III. Scope of Article 136 and limitations on exercising discretionary power
a. Article 136 has been couched in the widest possible terms. It gives discretion to the Supreme Court to grant “special leave to appeal” from any judgment, decree, determination, sentence or order “in any cause or matter” “passed or made” by “any court or tribunal” in the territory of India. The non obstante clause emphasises that the power overrides the limitations on the court’s power to entertain appeals.” The article applies to both final and interlocutory orders and also applies to Tribunals invested with “a part of the judicial power of the State” meaning thereby quasi-judicial authorities. However, it must be remembered that Article 136 does not confer a “right to appeal” but only a “right to apply” for special leave which, if granted, confers a right to appeal so long as the leave is not revoked. Just like the Privy Council, the Supreme Court has put in place self-imposed restrictions when it comes to criminal appeals and will not entertain special leave petitions in criminal cases particularly when there are concurrent findings of fact, save in exceptional cases, such as cases of perversity or impropriety, violation of principles of natural justice, error of law or errors of record or misreading of evidence. The Supreme Court invokes the power under Article 136 in “exceptional circumstances as and when a question of law of general public importance arises.”
b. The Supreme Court “has rightly declined to fetter its discretionary power by laying down “principles” or “rules”.” The Constitutional Bench in Dhakeshwari Cotton Mills Ltd. v. Commissioner of Income Tax, West Bengal has observed that it is “not possible to define with any precision the limitations on the exercise of the discretionary jurisdiction vested” in the Supreme Court under Article 136 and the limitations “are implicit in the nature and character of the power itself”. Being an “exceptional and overriding power, naturally it has to be exercised sparingly and with caution and only in special and extraordinary situations”. The Court went on to state as under:
“ …. It is, however, plain that when the court reaches the conclusion that a person has been dealt with arbitrarily or that a court or tribunal within the territory of India has or given a fair deal to a litigant, then no technical hurdles of any kind like the finality of finding of facts or otherwise can stand in the way of exercise of this power because the whole intent and purpose of this article is that it is the duty of this court to see that injustice is not perpetuated or perpetrated by decisions of courts and tribunals because certain laws have made the decisions of these courts or tribunals final and conclusive…”
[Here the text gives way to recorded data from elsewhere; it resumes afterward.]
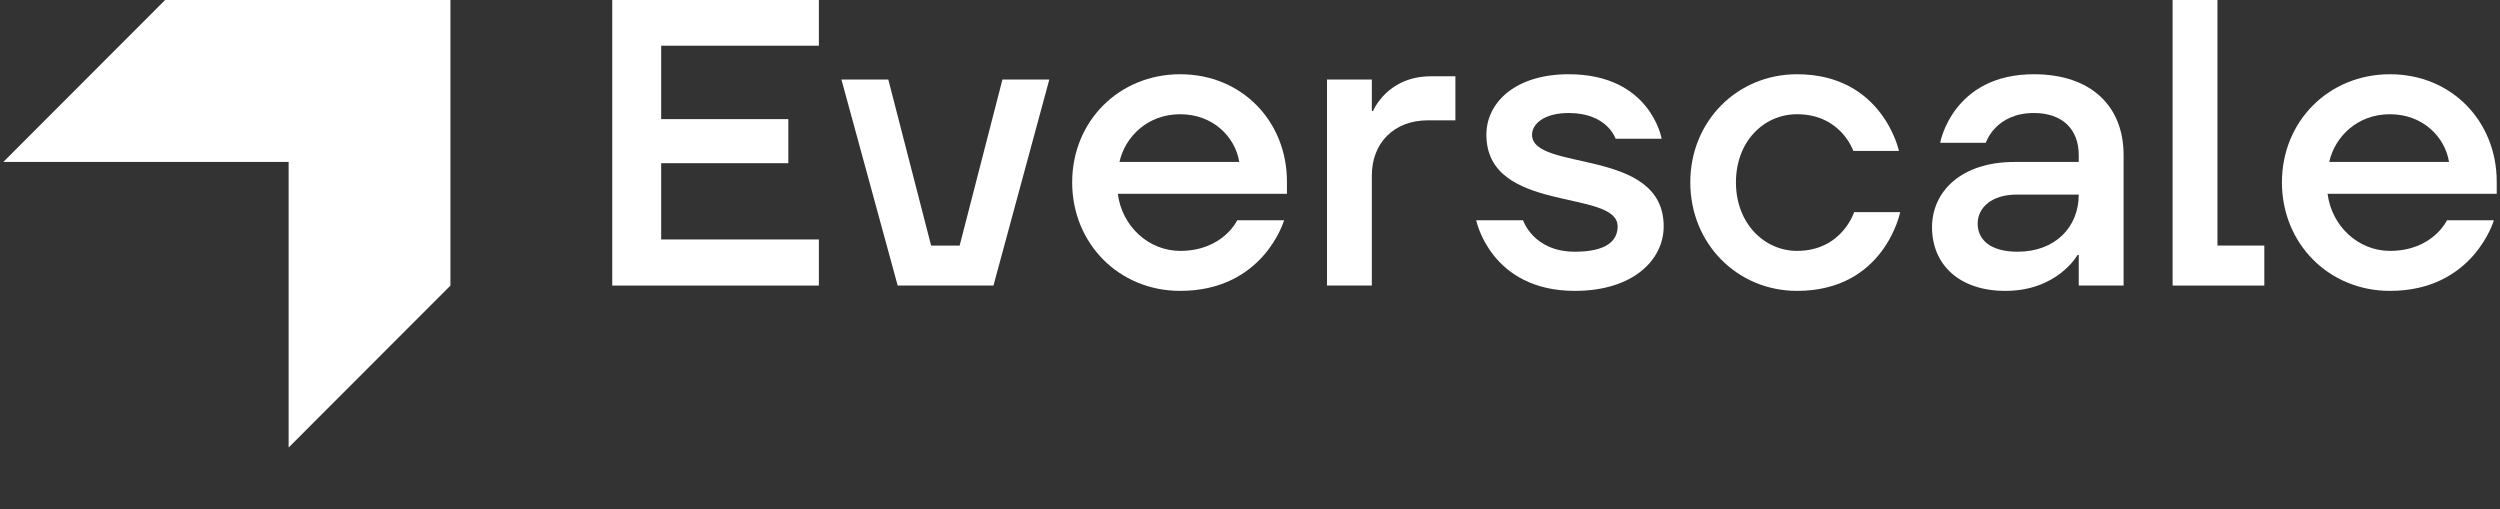 <svg width="162" height="33" viewBox="0 0 162 33" fill="none" xmlns="http://www.w3.org/2000/svg">
<rect x="0" y="0" width="162" height="33" fill="#333333" stroke="none"/>
<g clip-path="url(#clip0_12138_275008)">
<path d="M10.7 0L0.215 10.495L18.703 10.495V29L29.188 18.505V0H10.7Z" fill="white"/>
<path d="M39.674 18.504V0H53.063V2.962H42.844V7.719H51.083V10.575H42.844V15.517H53.063V18.504H39.674Z" fill="white"/>
<path d="M58.17 18.504L54.525 5.155H57.563L60.336 15.913H62.185L64.958 5.155H67.995L64.376 18.504H58.17Z" fill="white"/>
<path d="M69.477 11.817C69.477 7.852 72.513 4.811 76.475 4.811C80.489 4.811 83.394 7.878 83.394 11.763V12.557H72.434C72.698 14.645 74.415 16.257 76.475 16.257C79.248 16.257 80.172 14.275 80.172 14.275H83.209C83.209 14.275 81.889 18.849 76.475 18.849C72.513 18.849 69.477 15.782 69.477 11.817ZM80.304 10.495C80.041 8.855 78.588 7.402 76.475 7.402C74.362 7.402 72.91 8.855 72.54 10.495H80.304Z" fill="white"/>
<path d="M85.99 18.504V5.155H88.895V7.191H88.975C88.975 7.191 89.873 4.944 92.725 4.944H94.31V7.798H92.514C90.348 7.798 88.895 9.253 88.895 11.367V18.504H85.99Z" fill="white"/>
<path d="M95.658 14.275H98.695C98.695 14.275 99.356 16.311 102.049 16.311C104.109 16.311 104.822 15.597 104.822 14.671C104.822 12.213 96.318 13.879 96.318 8.724C96.318 6.662 98.167 4.811 101.653 4.811C106.962 4.811 107.675 8.989 107.675 8.989H104.69C104.69 8.989 104.162 7.323 101.653 7.323C100.016 7.323 99.276 8.063 99.276 8.724C99.276 11.156 107.807 9.516 107.807 14.671C107.807 16.838 105.825 18.849 102.049 18.849C96.582 18.849 95.658 14.275 95.658 14.275Z" fill="white"/>
<path d="M109.531 11.817C109.531 7.852 112.568 4.811 116.45 4.811C121.996 4.811 123.053 9.781 123.053 9.781H120.095C120.095 9.781 119.303 7.402 116.45 7.402C114.285 7.402 112.489 9.174 112.489 11.817C112.489 14.486 114.337 16.257 116.45 16.257C119.355 16.257 120.148 13.745 120.148 13.745H123.132C123.132 13.745 122.128 18.849 116.45 18.849C112.568 18.849 109.531 15.782 109.531 11.817Z" fill="white"/>
<path d="M125.195 14.725C125.195 12.424 127.07 10.495 130.531 10.495H134.703V10.046C134.703 8.38 133.647 7.323 131.798 7.323C129.289 7.323 128.681 9.253 128.681 9.253H125.723C125.723 9.253 126.516 4.811 131.798 4.811C135.496 4.811 137.609 6.873 137.609 10.046V18.504H134.703V16.522H134.624C134.624 16.522 133.329 18.849 129.949 18.849C126.912 18.849 125.195 17.103 125.195 14.725ZM134.703 12.609H130.689C129.025 12.609 128.153 13.483 128.153 14.486C128.153 15.517 128.946 16.311 130.741 16.311C133.171 16.311 134.703 14.725 134.703 12.609Z" fill="white"/>
<path d="M140.785 18.504V0H143.69V15.913H146.728V18.504H140.785Z" fill="white"/>
<path d="M147.869 11.817C147.869 7.852 150.906 4.811 154.868 4.811C158.882 4.811 161.787 7.878 161.787 11.763V12.557H150.827C151.09 14.645 152.808 16.257 154.868 16.257C157.641 16.257 158.564 14.275 158.564 14.275H161.602C161.602 14.275 160.281 18.849 154.868 18.849C150.906 18.849 147.869 15.782 147.869 11.817ZM158.697 10.495C158.433 8.855 156.981 7.402 154.868 7.402C152.755 7.402 151.302 8.855 150.932 10.495H158.697Z" fill="white"/>
</g>
<defs>
<clipPath id="clip0_12138_275008">
<rect width="161.571" height="29" fill="white" transform="translate(0.215)"/>
</clipPath>
</defs>
</svg>

c. The aforesaid position has consistently been upheld. As recently as 2016, the Constitution Bench of the Supreme Court in Mathai George  refused to restrict the scope of Article 136 and stated that “no effort should be made to restrict the powers” of the Supreme Court under Article 136. The Court said that “it would be better to use the said power with circumspection, rather than to limit the power forever”.
IV. QUESTION OF LAW KEPT OPEN UNDER ARTICLE 136
1. Once the matter reaches the Supreme Court in a petition/application under Article 136, the Court has to exercise its discretionary jurisdiction (and not appellate jurisdiction) to examine whether or not leave should be granted in a given case. If leave to appeal is granted, “the appellate jurisdiction of the Court stands invoked, the gate for entry in the appellate arena is opened,” and if so required, the respondent may be called to oppose the petitioner. The Court may in certain cases dismiss the appeal after granting leave without issuing notice to the respondent. However, if the leave to appeal is dismissed, “the case for invoking the appellate jurisdiction of the court” is not made out. The order can be a speaking or a non-speaking one. In most cases, when the Supreme Court does not wish to exercise its discretion, the Court simply passes a one line order dismissing the special leave petition in limine without assigning any reasons. However, on some occasions, while dismissing the special leave petition, the Court may “leave the question of law open” to be decided in an appropriate case.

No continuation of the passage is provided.